Размышления об этой связи пола и смерти можно найти и у современных учёных. «Неизбежная смерть как результат дряхления – естественного старения, – возможно, не существовала в течение миллиарда с лишним лет после возникновения жизни. Такая форма запрограммированной смерти появилась, по-видимому, примерно в то же время, когда клетки начали экспериментировать с полом в связи с размножением. Возможно, это была окончательная утрата невинности», – пишет биолог Вильям Кларк в книге «Секс и происхождение смерти».
Осмысляя эту нерасторжимую связь рождения и смерти, Бердяев, показывает, что смерть в первую очередь поразила не биологическую жизнь человека, а его личность: «Рождение несёт в себе семя смерти, растерзание индивидуальности, гибель её надежд».
На глубине страха человека перед полом – неразрывная связь-конфликт любви и смерти. Любящий никогда не может согласиться на кончину и исчезновение любимого, которую рождение как бы предполагает. Любовь хочет не обойти смерть, не забыть её, а пройти насквозь – одолеть не только всякий страх перед смертью, но само небытие. Уже Ветхий завет восклицает: «крепка, как смерть, любовь» (Песн. 8:6), но Евангелие идёт дальше: любовь попирает смерть, потому что сильнее смерти.
Жизнь рода и вечная жизнь
Жизнь рода предлагает неравнозначную замену вечной жизни половым размножением, соглашаясь со смертью каждого, лишь заменяя его новорождённым, так же обречённым на небытие. Это согласие не только со смертью как конечностью жизни, но и со смертью как конечностью любви, конечностью единства, которое хочет быть вечным.

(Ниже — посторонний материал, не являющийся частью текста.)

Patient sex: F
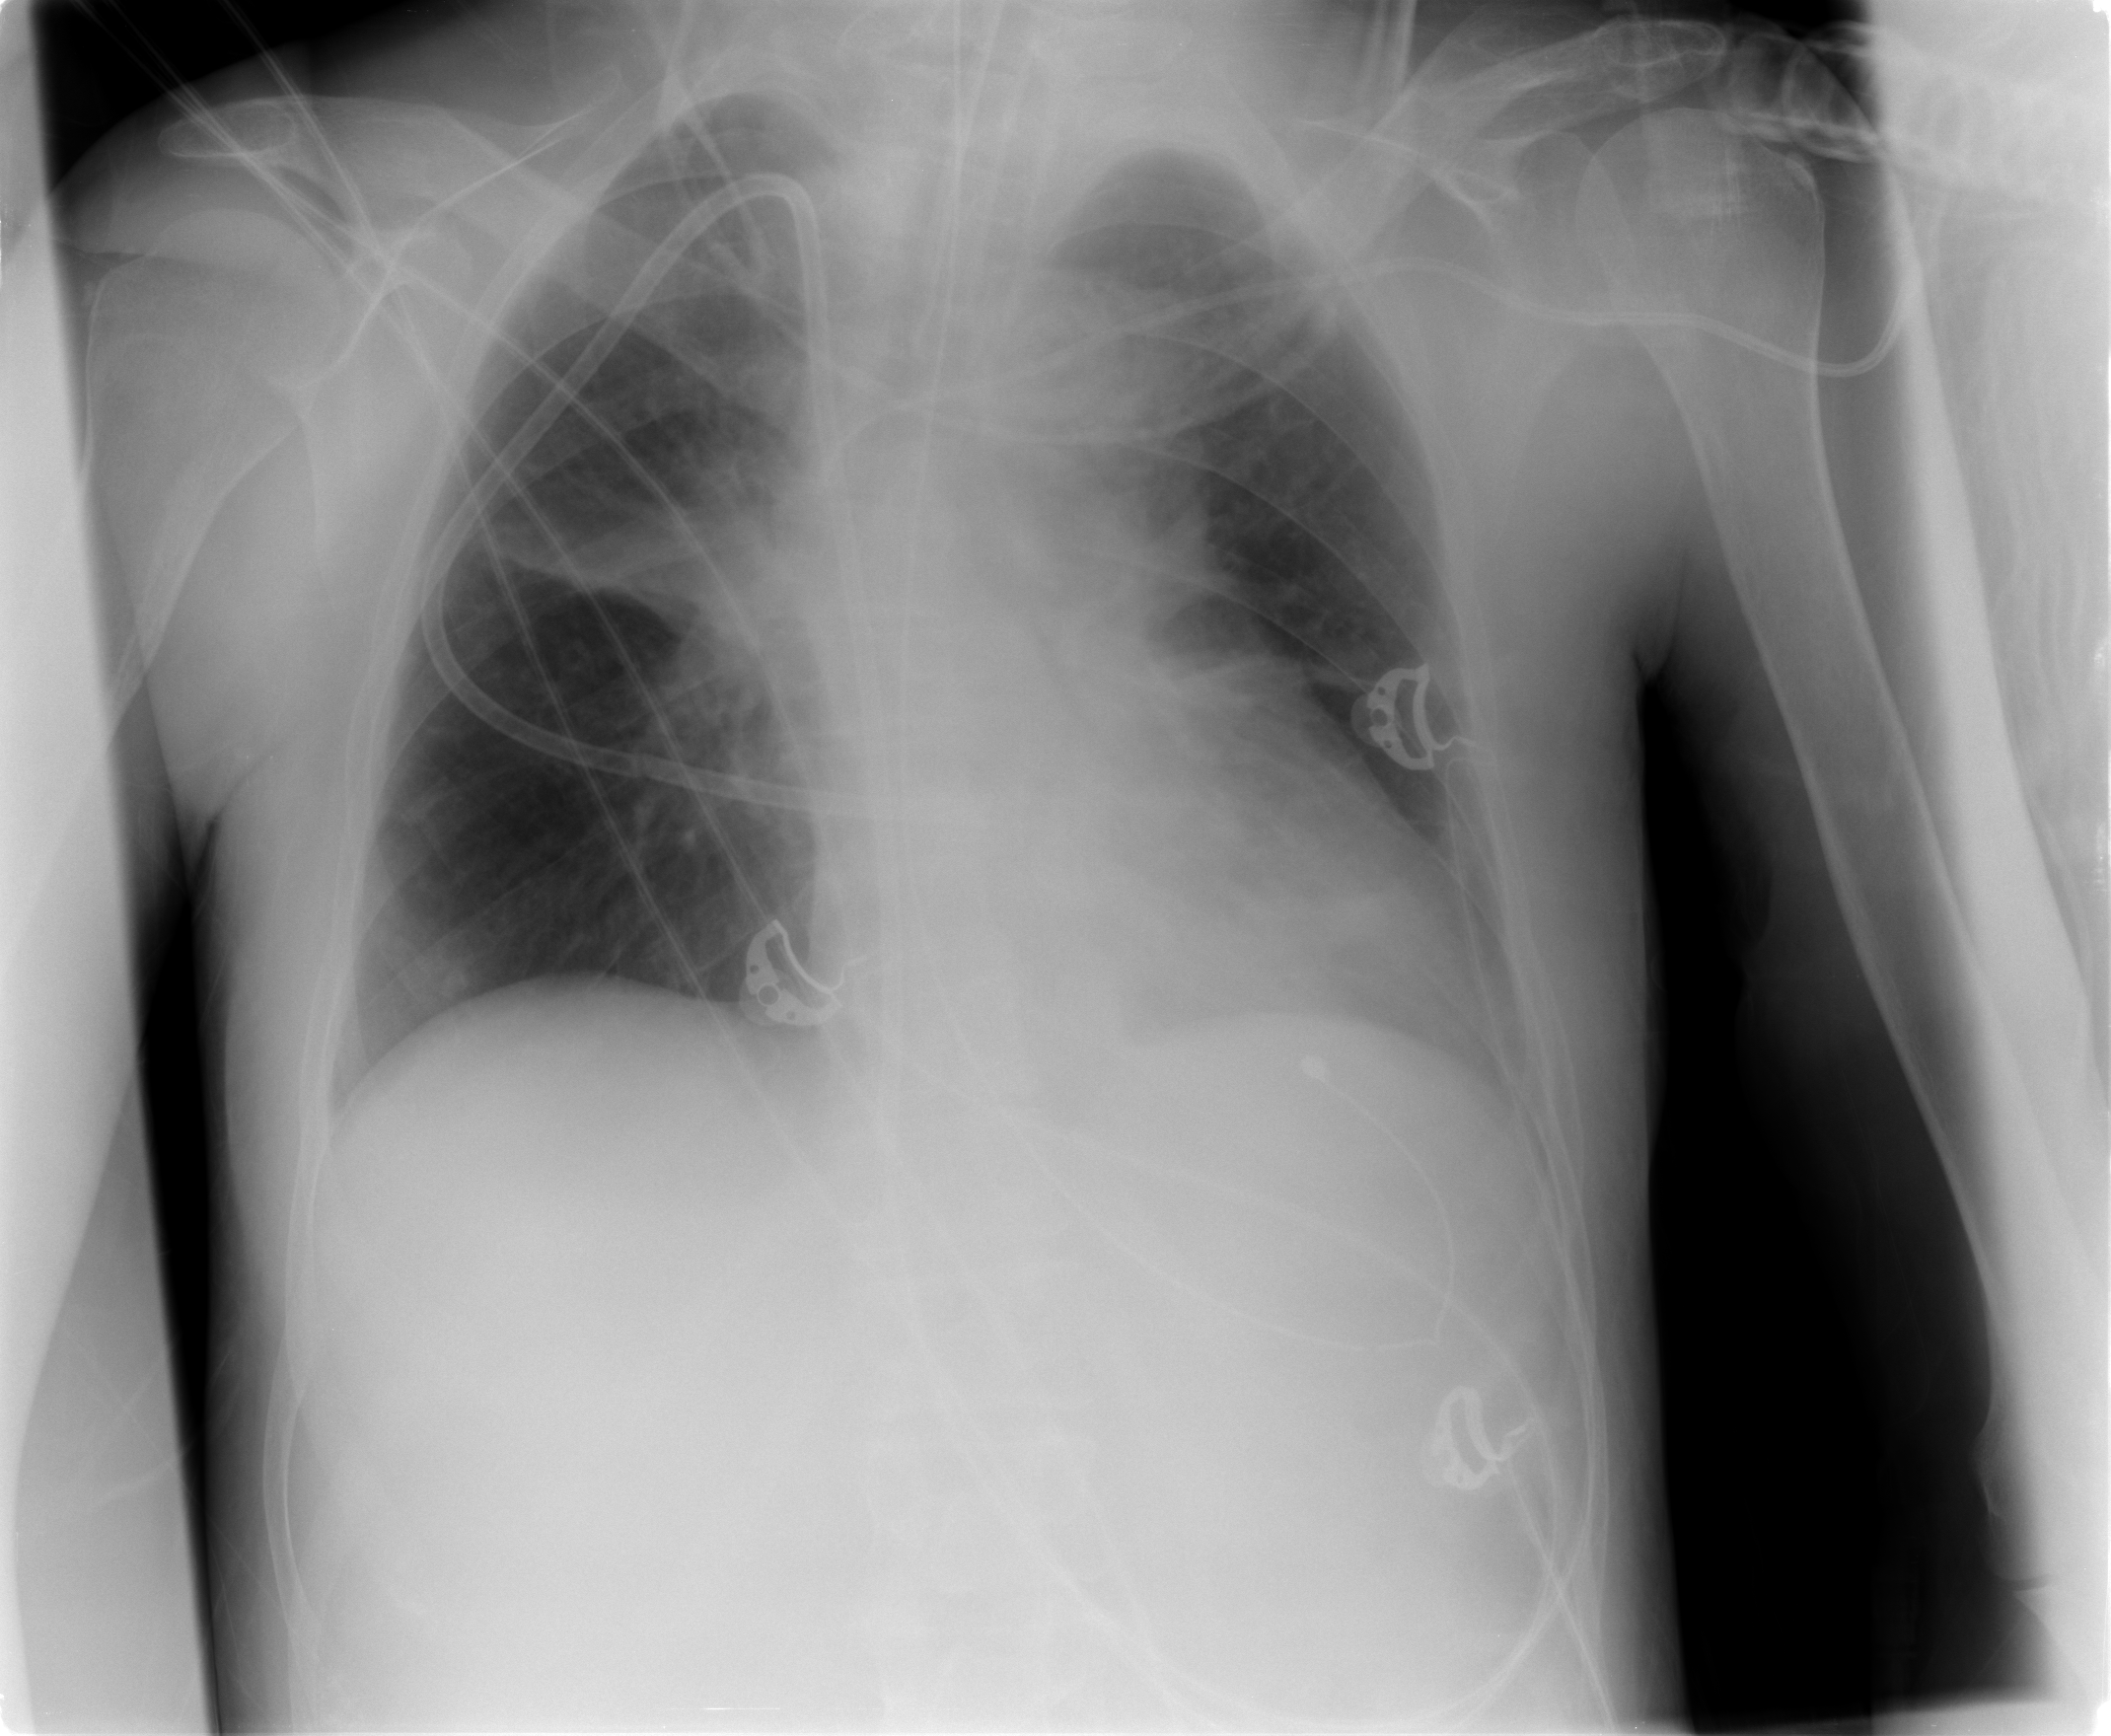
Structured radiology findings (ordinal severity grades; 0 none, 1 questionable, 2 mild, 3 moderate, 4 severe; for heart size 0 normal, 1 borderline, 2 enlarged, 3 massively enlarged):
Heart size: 1
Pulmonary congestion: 0
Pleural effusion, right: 0
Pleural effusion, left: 0
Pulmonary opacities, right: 0
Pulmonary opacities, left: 0
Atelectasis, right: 3
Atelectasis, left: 2

Бердяев отмечает, что сексуальный акт связан с превращением любимого в объект, а его пола – в «частную функцию». Соединение с любимым, к которому человек так устремлён, не достигается, и с этим связан «неустранимый элемент разврата», даже если нет измены и неверности. В своих высших точках влюблённость преодолевает сексуальное влечение, и наоборот, сексуальное влечение вполне может сочетаться с отвращением к человеку, считает Бердяев. «Влюблённый находится в меньшей зависимости oт половой потребности, может легче от неё воздерживаться, может даже делаться аскетом».
В этом свете делается проблематичным современное приходское «богословие» семьи, в котором заключение брака и чадородие трактуются как религиозный долг, а заповедь «плодитесь и размножайтесь» – как призыв к биологическому размножению и даже решению демографических задач. Оно естественно вырастает там, где сама христианская, церковная жизнь осознается по преимуществу как что-то земное и социальное, просто некое устроение части общества – допустим, самой добропорядочной и правильной. Попытка вписать любовь с её волей к бессмертию любимого в упорядоченный строй родовой и общественной жизни обрекает её на бессилие, лишает человека небесного измерения, а церковную жизнь делает обывательской. Но Христос пришёл не за этим.